As seen in our patient, TERT promoter mutations have been reported in many BK virus-associated carcinomas.^14,15 HER2 amplification has also been reported. ¹⁵ Initially, this may be unsurprising since TERT promoter and HER2 mutations are common in urothelial carcinomas generally, alongside TP53, PIK3CA, TSC1, FGFR3, and HRAS mutations. ¹⁸ However, it is notable that, as in our case, these mutations frequently occur in isolation or with few associated pathogenic/likely pathogenic mutations.^14,15 On average, BK virus-associated carcinomas have fewer mutations identified per a tumor versus comparable non-BK virus-associated tumors.^14,15 In a small comparison of 30 urinary tract carcinomas (8 BK virus-associated carcinomas in immunosuppressed patients, 4 non-BK virus-associated carcinomas immunosuppressed patients, and 18 carcinomas non-immunosuppressed patients), Sirohi et al. found that non-BK virus-associated carcinomas demonstrated 2 to 4 times as many pathogenic/likely pathogenic mutations per tumor on average compared to the less complex genetic alterations of BK virus-associated carcinomas. ¹⁵ This may further support the assertion that T-Ag is directly interfering with tumor suppressor proteins to drive tumorigenesis, compared to traditional tumors, which result from a culmination of oncogenic mutations.
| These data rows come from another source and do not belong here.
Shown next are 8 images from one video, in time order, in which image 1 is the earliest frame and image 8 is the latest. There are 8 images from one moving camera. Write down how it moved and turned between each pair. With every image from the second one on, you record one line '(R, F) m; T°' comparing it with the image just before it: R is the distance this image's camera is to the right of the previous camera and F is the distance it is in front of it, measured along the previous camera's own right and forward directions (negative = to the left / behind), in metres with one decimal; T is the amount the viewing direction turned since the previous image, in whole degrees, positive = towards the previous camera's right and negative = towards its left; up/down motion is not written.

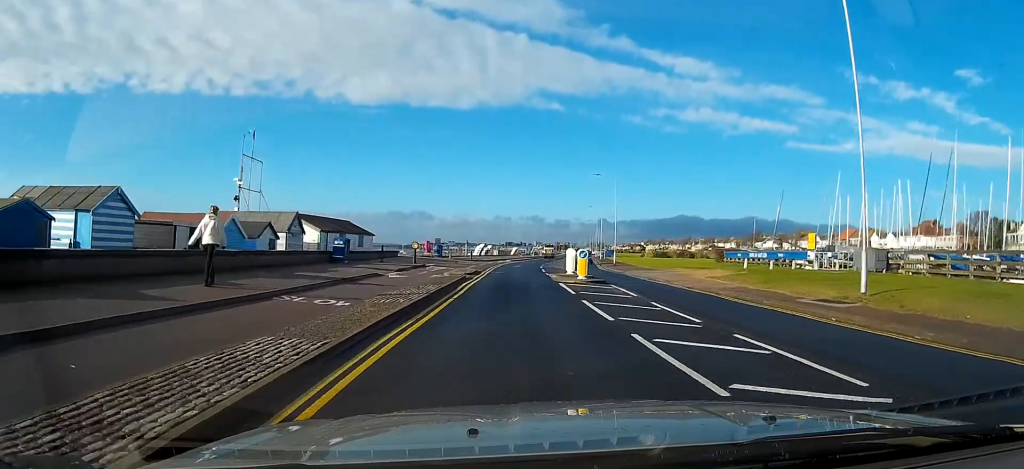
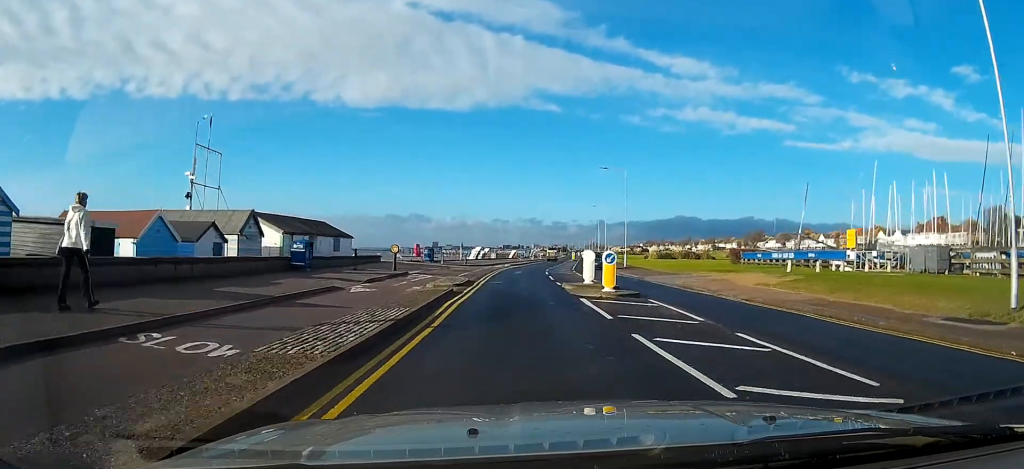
(0.0, +5.7) m; 0°
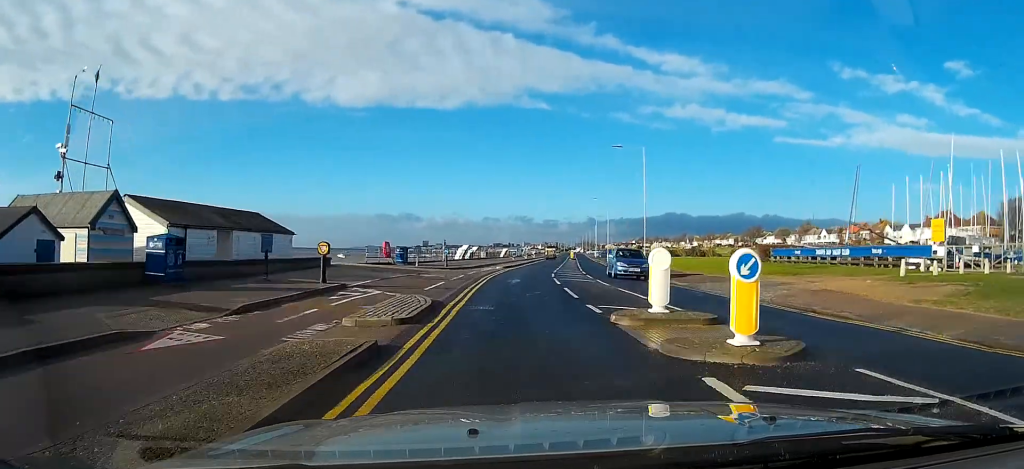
(0.0, +9.8) m; +1°
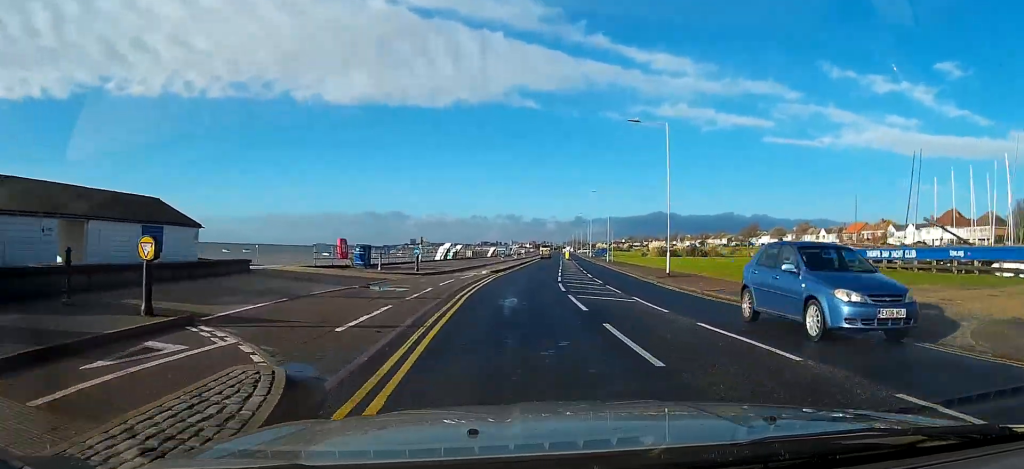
(-0.1, +8.6) m; +2°
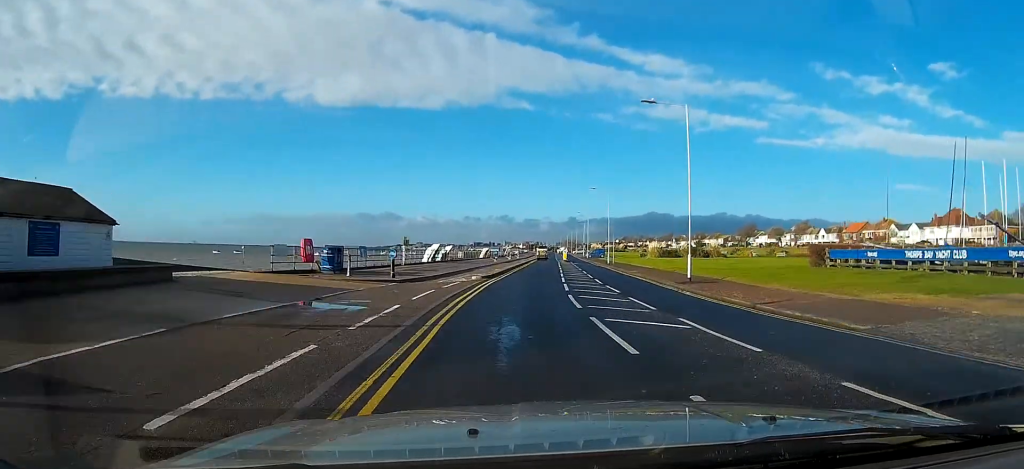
(+0.2, +4.9) m; +2°
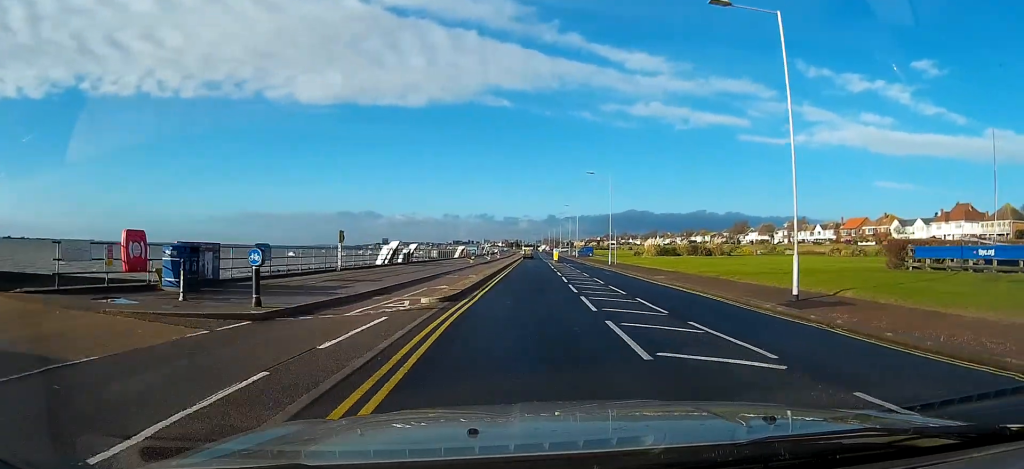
(+0.5, +12.3) m; +2°
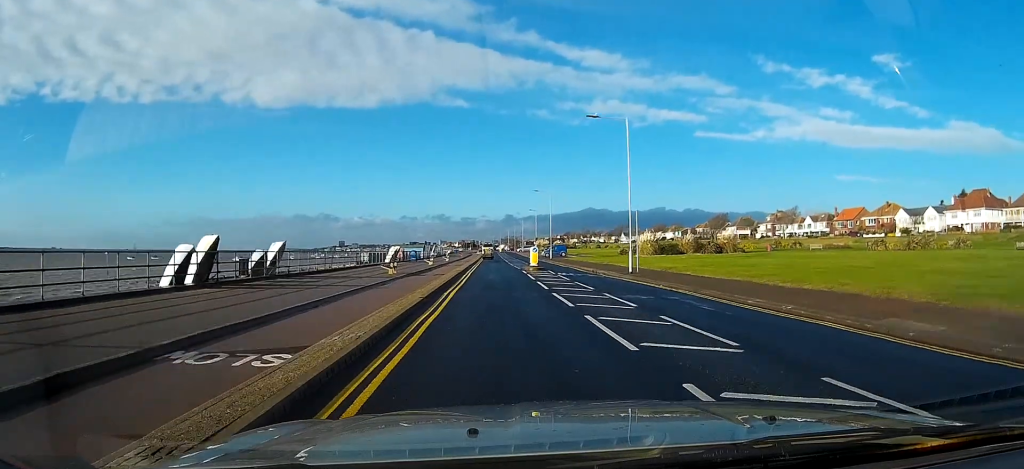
(+0.1, +23.3) m; +1°
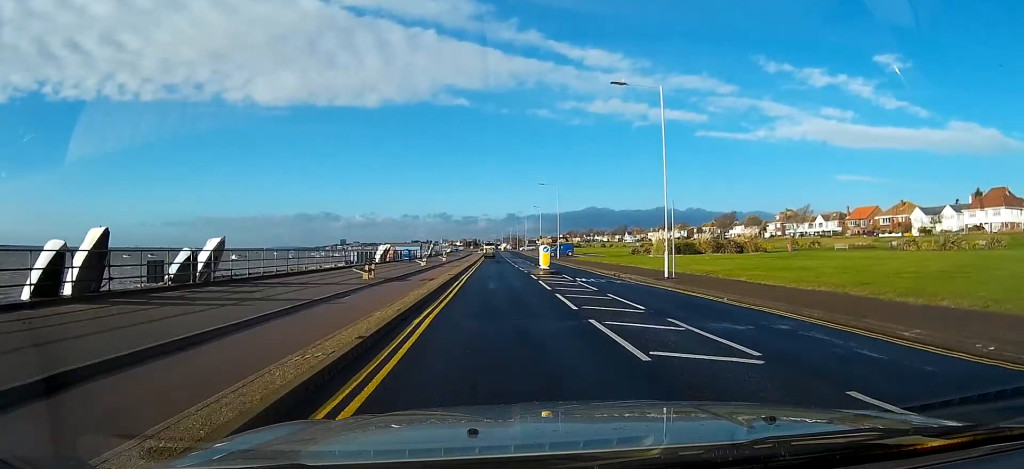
(+0.2, +6.5) m; +1°

In conclusion, BK virus-associated carcinoma arising in the allograft in kidney transplant recipients is uncommon. However, the growing number of reports describing this entity raises the possibility that this entity is more common than previously thought and may even go undetected and be underreported in immunosuppressed populations. Latent BK virus infection in urinary epithelium is known to be reactivated in immunosuppression, causing nephropathy and other diseases. It is hypothesized that reactivation of BK virus may also lead to tumorigenesis driven largely via T-Ag protein inactivation of pRB and p53 proteins. Fortunately, most patients with BK virus-associated carcinomas arising in the allograft respond well to allograft nephrectomy and cessation of immunosuppression, and immunotherapy may be a good option for the smaller subset of refractory cancers.